_The problem_
A faithful copy without images is required: write out all the records exactly.

*** Exercise materials ***

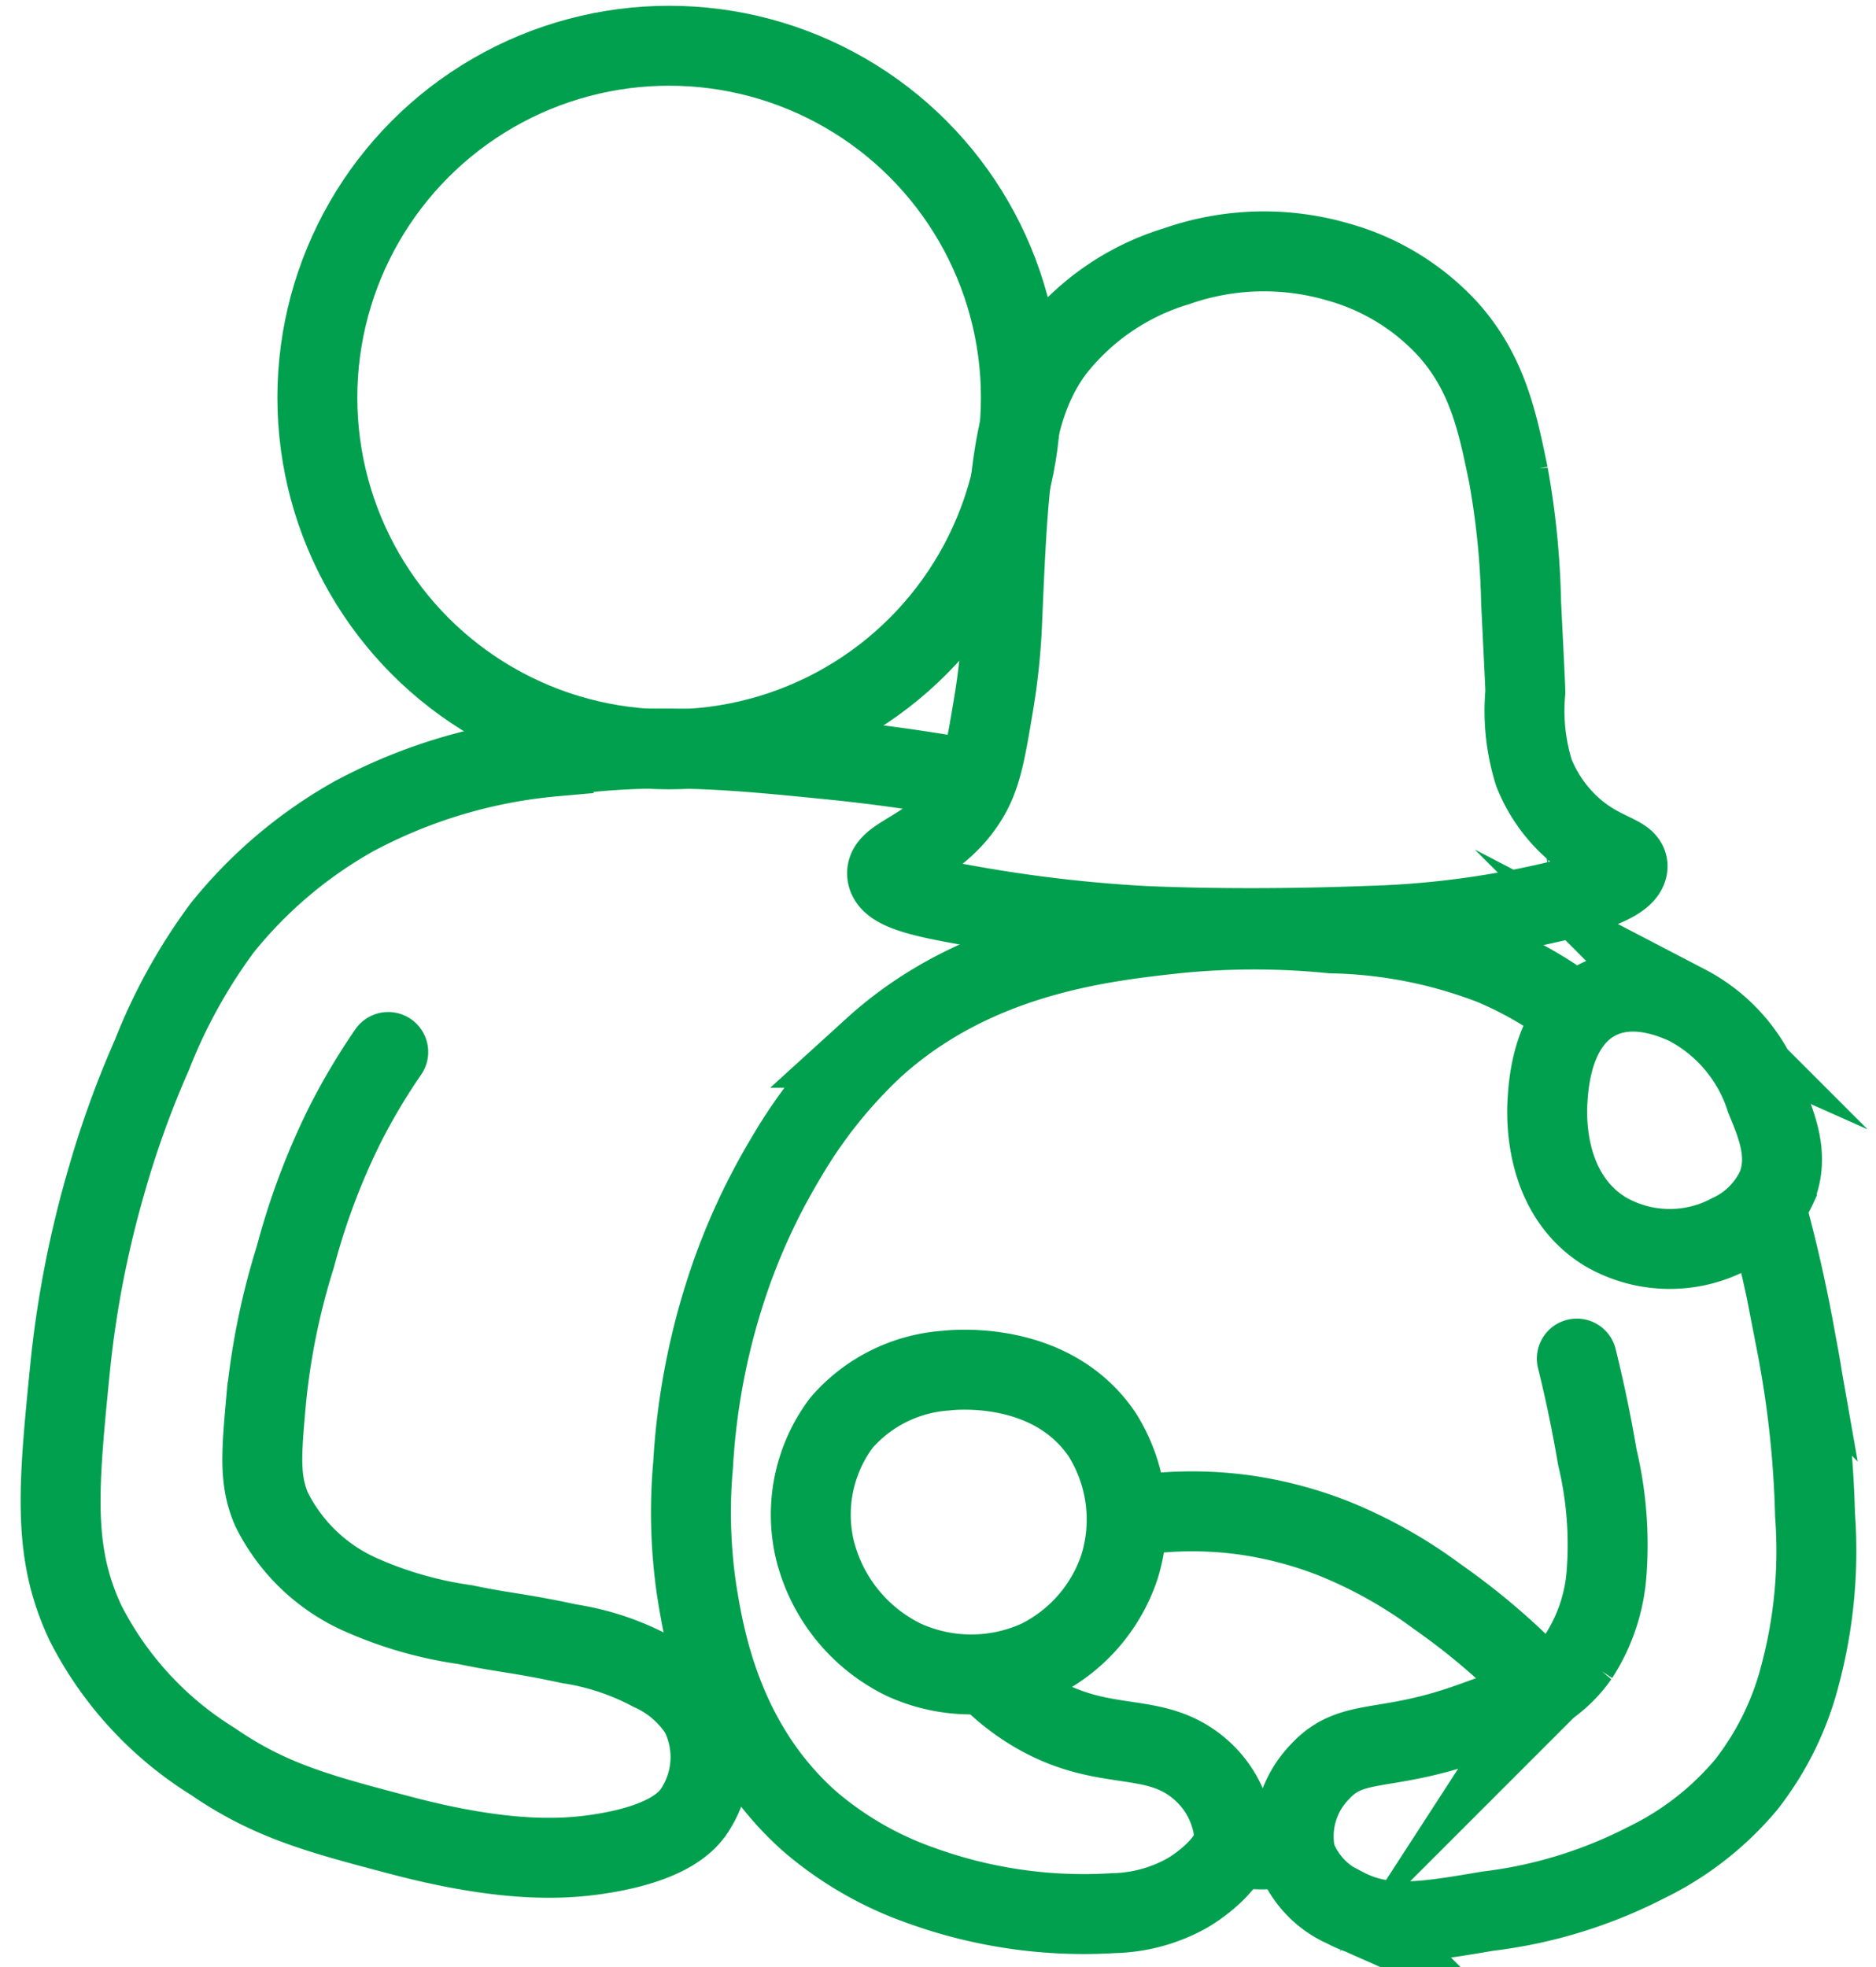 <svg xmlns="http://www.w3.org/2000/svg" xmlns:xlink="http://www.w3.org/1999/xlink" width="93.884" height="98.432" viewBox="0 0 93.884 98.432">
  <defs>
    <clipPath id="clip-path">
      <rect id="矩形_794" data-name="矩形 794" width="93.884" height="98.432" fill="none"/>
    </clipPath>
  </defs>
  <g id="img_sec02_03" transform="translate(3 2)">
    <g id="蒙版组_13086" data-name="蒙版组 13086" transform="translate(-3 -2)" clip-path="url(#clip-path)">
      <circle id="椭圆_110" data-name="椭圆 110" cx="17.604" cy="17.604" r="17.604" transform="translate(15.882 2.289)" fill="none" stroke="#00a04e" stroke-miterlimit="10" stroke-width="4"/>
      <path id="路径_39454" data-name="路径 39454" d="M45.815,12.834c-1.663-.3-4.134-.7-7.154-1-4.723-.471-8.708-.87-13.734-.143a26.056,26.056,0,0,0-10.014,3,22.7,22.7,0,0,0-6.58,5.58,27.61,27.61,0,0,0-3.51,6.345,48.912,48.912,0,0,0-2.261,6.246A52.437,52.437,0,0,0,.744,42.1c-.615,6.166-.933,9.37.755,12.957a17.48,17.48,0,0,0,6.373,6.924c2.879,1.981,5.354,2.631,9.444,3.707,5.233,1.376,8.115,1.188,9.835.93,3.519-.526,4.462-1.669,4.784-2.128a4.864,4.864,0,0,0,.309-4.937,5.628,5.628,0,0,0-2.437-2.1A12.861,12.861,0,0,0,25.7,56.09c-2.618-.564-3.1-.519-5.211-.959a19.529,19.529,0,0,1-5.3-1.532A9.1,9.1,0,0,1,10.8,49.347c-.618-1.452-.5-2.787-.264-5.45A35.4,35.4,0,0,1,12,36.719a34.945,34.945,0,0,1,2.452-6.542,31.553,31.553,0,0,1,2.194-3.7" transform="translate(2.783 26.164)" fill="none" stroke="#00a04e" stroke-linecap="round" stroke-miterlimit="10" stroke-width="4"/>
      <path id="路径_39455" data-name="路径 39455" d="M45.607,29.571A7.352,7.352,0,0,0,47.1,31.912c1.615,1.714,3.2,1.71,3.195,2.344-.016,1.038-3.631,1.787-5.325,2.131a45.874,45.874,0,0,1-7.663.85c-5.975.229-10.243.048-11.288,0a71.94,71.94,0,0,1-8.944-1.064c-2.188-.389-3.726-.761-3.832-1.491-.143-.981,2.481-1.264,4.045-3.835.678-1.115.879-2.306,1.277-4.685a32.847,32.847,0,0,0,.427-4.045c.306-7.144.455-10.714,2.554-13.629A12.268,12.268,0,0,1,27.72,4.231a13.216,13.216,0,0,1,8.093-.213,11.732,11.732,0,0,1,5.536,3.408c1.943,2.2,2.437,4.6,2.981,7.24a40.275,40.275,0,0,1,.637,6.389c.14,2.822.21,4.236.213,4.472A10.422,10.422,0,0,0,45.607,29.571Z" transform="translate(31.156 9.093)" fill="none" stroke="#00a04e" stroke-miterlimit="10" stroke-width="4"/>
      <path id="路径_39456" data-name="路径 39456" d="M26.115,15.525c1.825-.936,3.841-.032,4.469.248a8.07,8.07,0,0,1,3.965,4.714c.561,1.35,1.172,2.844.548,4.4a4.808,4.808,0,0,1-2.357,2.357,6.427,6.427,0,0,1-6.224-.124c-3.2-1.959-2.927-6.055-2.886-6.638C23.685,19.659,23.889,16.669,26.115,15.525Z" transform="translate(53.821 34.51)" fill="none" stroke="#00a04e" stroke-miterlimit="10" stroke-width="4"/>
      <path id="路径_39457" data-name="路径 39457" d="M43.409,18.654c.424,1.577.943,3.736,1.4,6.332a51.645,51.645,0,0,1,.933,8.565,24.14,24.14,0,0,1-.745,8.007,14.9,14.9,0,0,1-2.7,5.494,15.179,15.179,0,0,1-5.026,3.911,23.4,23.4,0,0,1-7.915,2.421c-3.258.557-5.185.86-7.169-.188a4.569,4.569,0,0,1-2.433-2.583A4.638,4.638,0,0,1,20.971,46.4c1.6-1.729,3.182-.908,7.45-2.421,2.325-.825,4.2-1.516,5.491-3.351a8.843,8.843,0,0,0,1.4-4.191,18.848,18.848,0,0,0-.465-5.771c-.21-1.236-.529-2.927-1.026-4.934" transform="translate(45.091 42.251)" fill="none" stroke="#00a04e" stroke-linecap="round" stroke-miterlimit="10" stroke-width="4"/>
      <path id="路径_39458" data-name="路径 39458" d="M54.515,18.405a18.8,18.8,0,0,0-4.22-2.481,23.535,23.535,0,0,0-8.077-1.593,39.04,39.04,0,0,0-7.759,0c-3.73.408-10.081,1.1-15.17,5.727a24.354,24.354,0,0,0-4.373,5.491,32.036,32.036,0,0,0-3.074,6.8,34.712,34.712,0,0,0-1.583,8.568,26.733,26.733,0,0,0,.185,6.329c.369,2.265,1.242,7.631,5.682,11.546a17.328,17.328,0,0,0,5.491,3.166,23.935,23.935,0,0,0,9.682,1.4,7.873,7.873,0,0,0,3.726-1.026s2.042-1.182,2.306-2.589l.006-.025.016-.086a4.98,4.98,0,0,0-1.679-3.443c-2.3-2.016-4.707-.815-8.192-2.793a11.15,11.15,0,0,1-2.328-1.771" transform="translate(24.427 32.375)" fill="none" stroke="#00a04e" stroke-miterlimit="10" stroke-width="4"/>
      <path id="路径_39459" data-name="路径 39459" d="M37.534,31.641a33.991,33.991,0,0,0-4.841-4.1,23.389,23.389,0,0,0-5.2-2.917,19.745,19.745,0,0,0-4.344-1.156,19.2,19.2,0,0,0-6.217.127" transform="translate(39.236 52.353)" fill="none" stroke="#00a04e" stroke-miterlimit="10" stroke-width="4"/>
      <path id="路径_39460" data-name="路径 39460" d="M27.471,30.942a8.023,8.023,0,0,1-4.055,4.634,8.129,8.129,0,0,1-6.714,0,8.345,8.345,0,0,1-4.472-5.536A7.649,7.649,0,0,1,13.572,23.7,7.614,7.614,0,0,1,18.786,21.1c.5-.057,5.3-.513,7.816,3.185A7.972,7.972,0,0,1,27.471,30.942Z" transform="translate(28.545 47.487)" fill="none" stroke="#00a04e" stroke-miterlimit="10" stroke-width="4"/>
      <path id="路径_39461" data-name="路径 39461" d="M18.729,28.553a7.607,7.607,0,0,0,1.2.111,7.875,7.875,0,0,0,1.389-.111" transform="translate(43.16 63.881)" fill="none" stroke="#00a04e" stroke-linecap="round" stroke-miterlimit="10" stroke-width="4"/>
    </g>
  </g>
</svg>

***

_Solved problem_
 <svg xmlns="http://www.w3.org/2000/svg" xmlns:xlink="http://www.w3.org/1999/xlink" width="93.884" height="98.432" viewBox="0 0 93.884 98.432">
  <defs>
    <clipPath id="clip-path">
      <rect id="矩形_794" data-name="矩形 794" width="93.884" height="98.432" fill="none"/>
    </clipPath>
  </defs>
  <g id="img_sec02_03" transform="translate(3 2)">
    <g id="蒙版组_13086" data-name="蒙版组 13086" transform="translate(-3 -2)" clip-path="url(#clip-path)">
      <circle id="椭圆_110" data-name="椭圆 110" cx="17.604" cy="17.604" r="17.604" transform="translate(15.882 2.289)" fill="none" stroke="#00a04e" stroke-miterlimit="10" stroke-width="4"/>
      <path id="路径_39454" data-name="路径 39454" d="M45.815,12.834c-1.663-.3-4.134-.7-7.154-1-4.723-.471-8.708-.87-13.734-.143a26.056,26.056,0,0,0-10.014,3,22.7,22.7,0,0,0-6.58,5.58,27.61,27.61,0,0,0-3.51,6.345,48.912,48.912,0,0,0-2.261,6.246A52.437,52.437,0,0,0,.744,42.1c-.615,6.166-.933,9.37.755,12.957a17.48,17.48,0,0,0,6.373,6.924c2.879,1.981,5.354,2.631,9.444,3.707,5.233,1.376,8.115,1.188,9.835.93,3.519-.526,4.462-1.669,4.784-2.128a4.864,4.864,0,0,0,.309-4.937,5.628,5.628,0,0,0-2.437-2.1A12.861,12.861,0,0,0,25.7,56.09c-2.618-.564-3.1-.519-5.211-.959a19.529,19.529,0,0,1-5.3-1.532A9.1,9.1,0,0,1,10.8,49.347c-.618-1.452-.5-2.787-.264-5.45A35.4,35.4,0,0,1,12,36.719a34.945,34.945,0,0,1,2.452-6.542,31.553,31.553,0,0,1,2.194-3.7" transform="translate(2.783 26.164)" fill="none" stroke="#00a04e" stroke-linecap="round" stroke-miterlimit="10" stroke-width="4"/>
      <path id="路径_39455" data-name="路径 39455" d="M45.607,29.571A7.352,7.352,0,0,0,47.1,31.912c1.615,1.714,3.2,1.71,3.195,2.344-.016,1.038-3.631,1.787-5.325,2.131a45.874,45.874,0,0,1-7.663.85c-5.975.229-10.243.048-11.288,0a71.94,71.94,0,0,1-8.944-1.064c-2.188-.389-3.726-.761-3.832-1.491-.143-.981,2.481-1.264,4.045-3.835.678-1.115.879-2.306,1.277-4.685a32.847,32.847,0,0,0,.427-4.045c.306-7.144.455-10.714,2.554-13.629A12.268,12.268,0,0,1,27.72,4.231a13.216,13.216,0,0,1,8.093-.213,11.732,11.732,0,0,1,5.536,3.408c1.943,2.2,2.437,4.6,2.981,7.24a40.275,40.275,0,0,1,.637,6.389c.14,2.822.21,4.236.213,4.472A10.422,10.422,0,0,0,45.607,29.571Z" transform="translate(31.156 9.093)" fill="none" stroke="#00a04e" stroke-miterlimit="10" stroke-width="4"/>
      <path id="路径_39456" data-name="路径 39456" d="M26.115,15.525c1.825-.936,3.841-.032,4.469.248a8.07,8.07,0,0,1,3.965,4.714c.561,1.35,1.172,2.844.548,4.4a4.808,4.808,0,0,1-2.357,2.357,6.427,6.427,0,0,1-6.224-.124c-3.2-1.959-2.927-6.055-2.886-6.638C23.685,19.659,23.889,16.669,26.115,15.525Z" transform="translate(53.821 34.51)" fill="none" stroke="#00a04e" stroke-miterlimit="10" stroke-width="4"/>
      <path id="路径_39457" data-name="路径 39457" d="M43.409,18.654c.424,1.577.943,3.736,1.4,6.332a51.645,51.645,0,0,1,.933,8.565,24.14,24.14,0,0,1-.745,8.007,14.9,14.9,0,0,1-2.7,5.494,15.179,15.179,0,0,1-5.026,3.911,23.4,23.4,0,0,1-7.915,2.421c-3.258.557-5.185.86-7.169-.188a4.569,4.569,0,0,1-2.433-2.583A4.638,4.638,0,0,1,20.971,46.4c1.6-1.729,3.182-.908,7.45-2.421,2.325-.825,4.2-1.516,5.491-3.351a8.843,8.843,0,0,0,1.4-4.191,18.848,18.848,0,0,0-.465-5.771c-.21-1.236-.529-2.927-1.026-4.934" transform="translate(45.091 42.251)" fill="none" stroke="#00a04e" stroke-linecap="round" stroke-miterlimit="10" stroke-width="4"/>
      <path id="路径_39458" data-name="路径 39458" d="M54.515,18.405a18.8,18.8,0,0,0-4.22-2.481,23.535,23.535,0,0,0-8.077-1.593,39.04,39.04,0,0,0-7.759,0c-3.73.408-10.081,1.1-15.17,5.727a24.354,24.354,0,0,0-4.373,5.491,32.036,32.036,0,0,0-3.074,6.8,34.712,34.712,0,0,0-1.583,8.568,26.733,26.733,0,0,0,.185,6.329c.369,2.265,1.242,7.631,5.682,11.546a17.328,17.328,0,0,0,5.491,3.166,23.935,23.935,0,0,0,9.682,1.4,7.873,7.873,0,0,0,3.726-1.026s2.042-1.182,2.306-2.589l.006-.025.016-.086a4.98,4.98,0,0,0-1.679-3.443c-2.3-2.016-4.707-.815-8.192-2.793a11.15,11.15,0,0,1-2.328-1.771" transform="translate(24.427 32.375)" fill="none" stroke="#00a04e" stroke-miterlimit="10" stroke-width="4"/>
      <path id="路径_39459" data-name="路径 39459" d="M37.534,31.641a33.991,33.991,0,0,0-4.841-4.1,23.389,23.389,0,0,0-5.2-2.917,19.745,19.745,0,0,0-4.344-1.156,19.2,19.2,0,0,0-6.217.127" transform="translate(39.236 52.353)" fill="none" stroke="#00a04e" stroke-miterlimit="10" stroke-width="4"/>
      <path id="路径_39460" data-name="路径 39460" d="M27.471,30.942a8.023,8.023,0,0,1-4.055,4.634,8.129,8.129,0,0,1-6.714,0,8.345,8.345,0,0,1-4.472-5.536A7.649,7.649,0,0,1,13.572,23.7,7.614,7.614,0,0,1,18.786,21.1c.5-.057,5.3-.513,7.816,3.185A7.972,7.972,0,0,1,27.471,30.942Z" transform="translate(28.545 47.487)" fill="none" stroke="#00a04e" stroke-miterlimit="10" stroke-width="4"/>
      <path id="路径_39461" data-name="路径 39461" d="M18.729,28.553a7.607,7.607,0,0,0,1.2.111,7.875,7.875,0,0,0,1.389-.111" transform="translate(43.16 63.881)" fill="none" stroke="#00a04e" stroke-linecap="round" stroke-miterlimit="10" stroke-width="4"/>
    </g>
  </g>
</svg>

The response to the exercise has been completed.